Home Cinema Kubrick e Beethoven, un matrimonio celebrato all’Inferno.

Kubrick e Beethoven, un matrimonio celebrato all’Inferno.

Stanely Kubrick è ormai universalmente (e giustamente) riconosciuto come uno dei cineasti più influenti del XX secolo. Si è già parlato tanto della sua fredda genialità, della sua meticolosità quasi ossessiva per i dettagli e della portata innovativa del suo cinema. Ma c’è un aspetto della sua arte che viene spesso trascurato. E non ci stiamo riferendo a un qualche film o personaggio in particolare della sua filmografia, ma della componente musicale delle sue opere.

Per Kubrick infatti, la musica non è solo un background

Al contrario, ha tutti i lineamenti di un vero e proprio personaggio complesso, che interpreta un certo ruolo, che influenza gli altri personaggi, che altera le nostre percezioni. E il ruolo della musica, in particolare in Arancia Meccanica, rivela molto della peculiare natura del pensiero politico e morale di Kubrick. Durante la visione sappiamo esattamente come si sente Alex, legato su quella sedia, durante il trattamento del governo, perché nella prima parte del film siamo stati sottoposti allo stesso trattamento.

Abbiamo assistito agli atti di violenza gratuita di Alex e dei suoi Drughi con musica classica in sottofondo, ed ora proviamo inevitabilmente empatia nei suoi confronti. Le sequenze usate dal governo come lavaggio del cervello sono accompagnate dalla Nona Sinfonia di Beethoven, la composizione preferita del protagonista. Al termine del condizionamento, il suo senso di nausea e malessere sarà associato non solo all’idea di violenza, ma anche al suono di quella musica.
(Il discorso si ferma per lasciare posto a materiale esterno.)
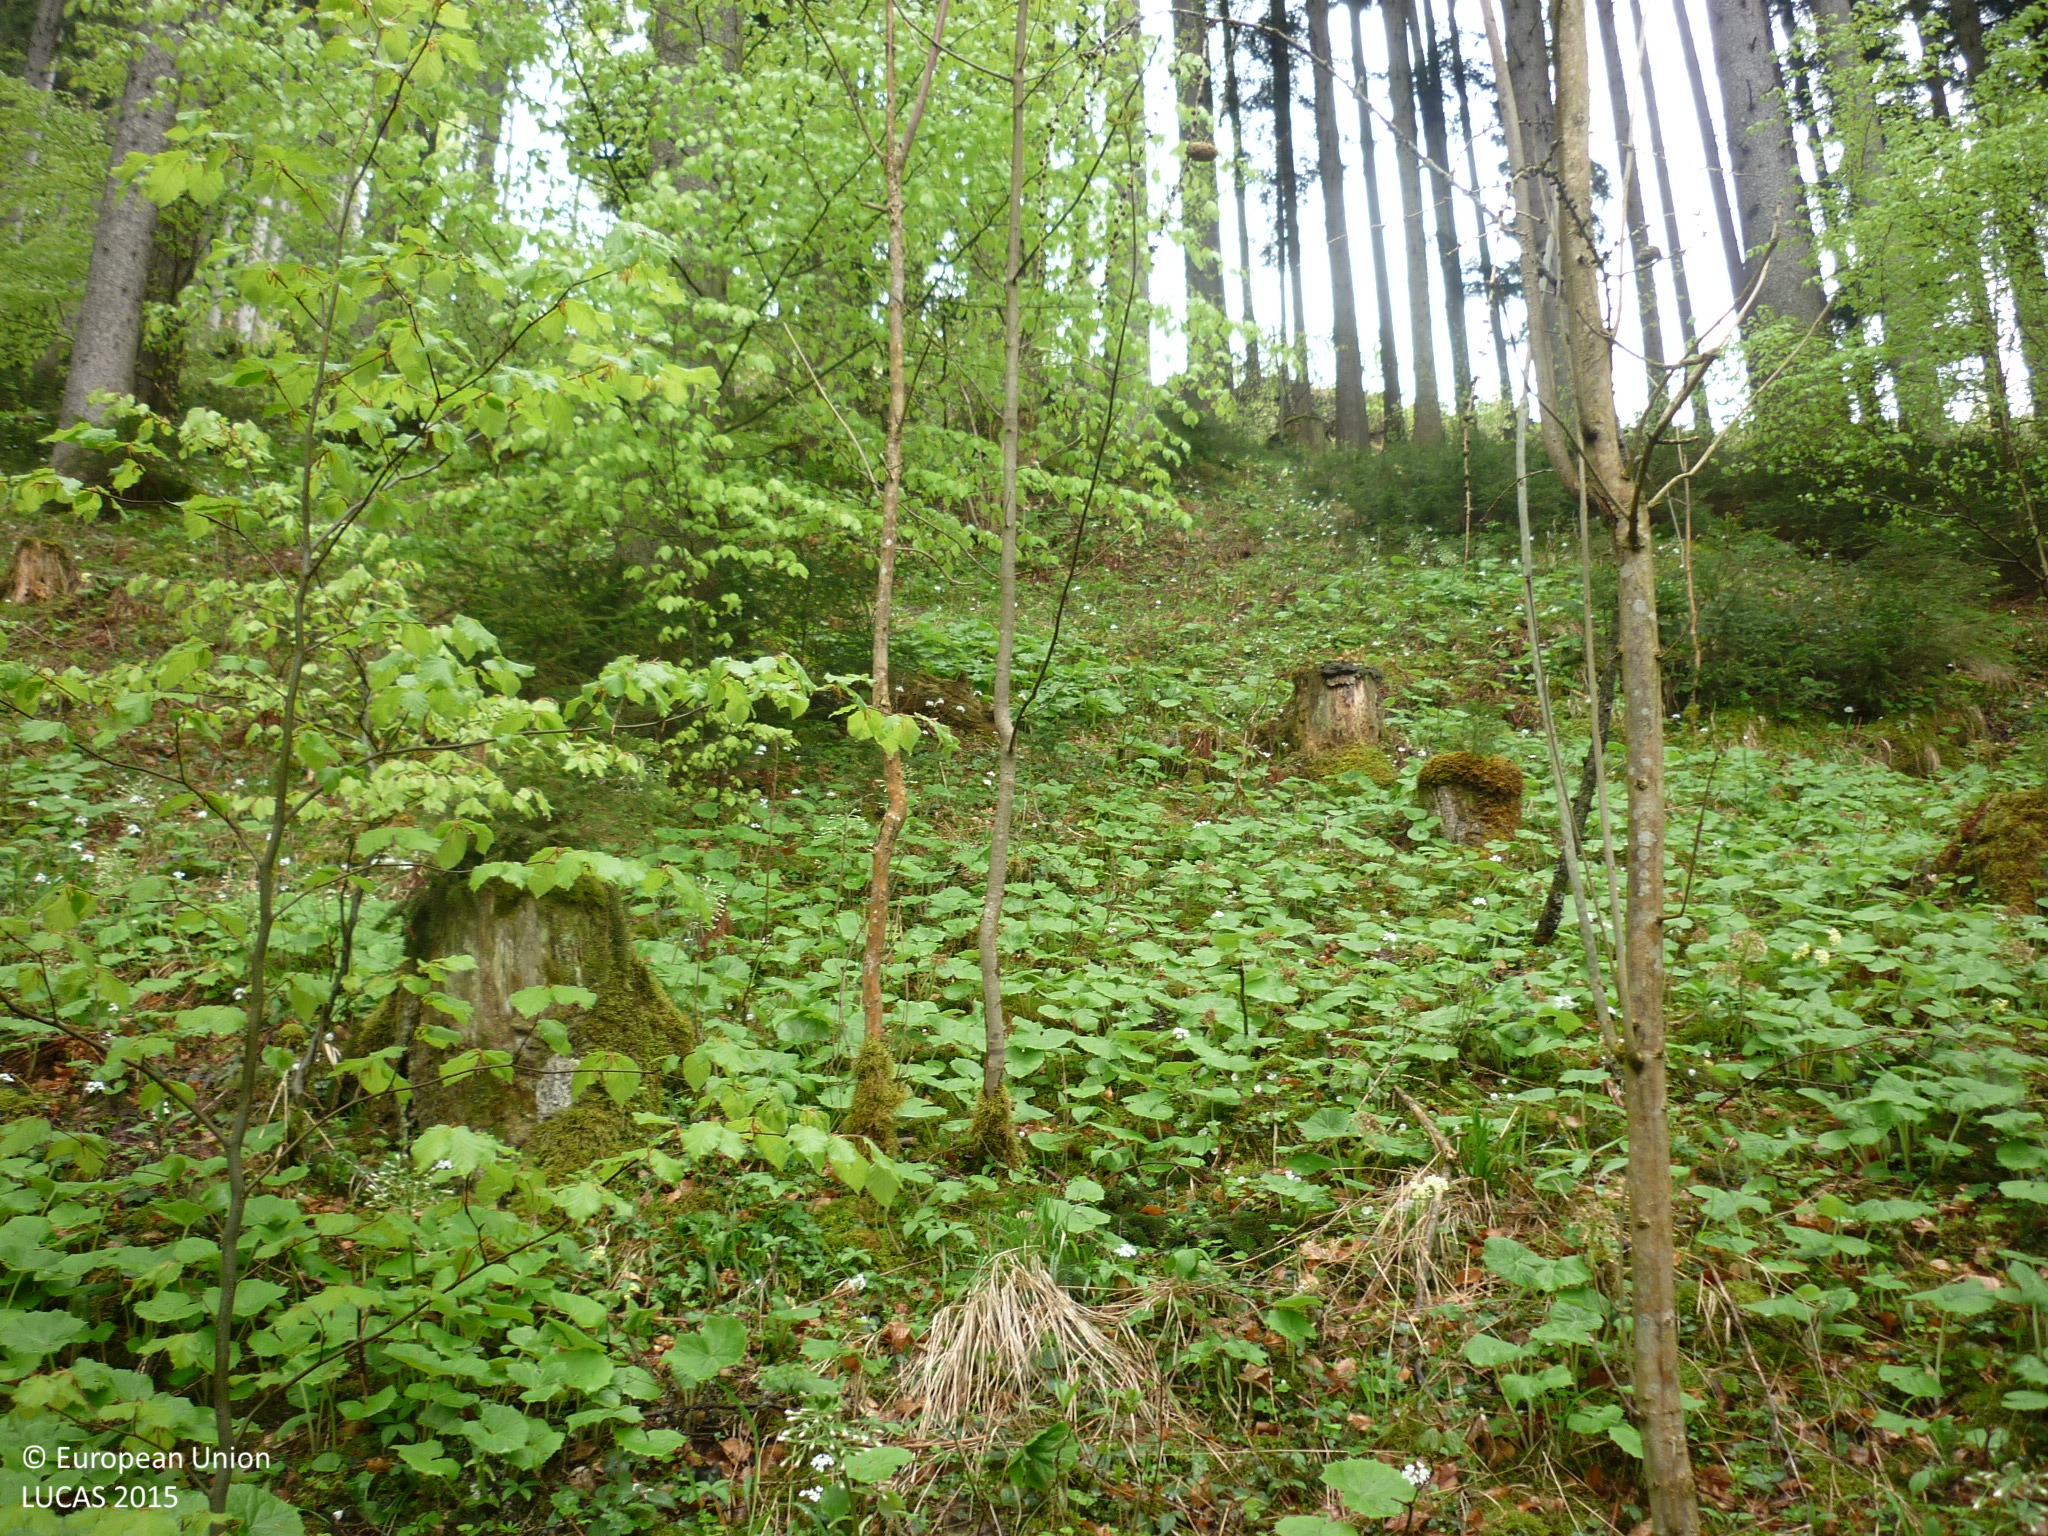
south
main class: Woodland
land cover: Spruce dominated mixed woodland
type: alpine coniferous forest
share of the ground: > 75 %
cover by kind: coniferous forest trees 60 %, broadleaved forest trees 30 %, herbaceous plants 5 %, lichens and mosses 5 %
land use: Forestry
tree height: > 5 m
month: May
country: AT
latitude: 47.7276
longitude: 14.6796

La verità è che Kubrick ha volutamente sottoposto gli spettatori allo stesso esperimento nel corso del film. Alcune allusioni musicali sono solo scherzose, come il campanello della vittima di Alex che riprende il tema della Quinta di Beethoven. Tuttavia l’associazione di Beethoven con la violenza è inesorabile e per certi versi ossimorica. La nona sinfonia infatti, tradizionalmente considerata una celebrazione estatica di fratellanza, è inestricabilmente legata, nell’immaginario dello spettatore, al sadismo e alla sequenza dello stupro.

La musica quindi in A Clockwork Orange, così come in diversi altri film di Kubrick, non ha un ruolo marginale bensì centrale. Ed è proprio questa complessità, che lascia spazio a più chiavi interpretative, a rappresentare la massima espressione del genio di Kubrick ed a rendere A Clockwork Orange un capolavoro immortale.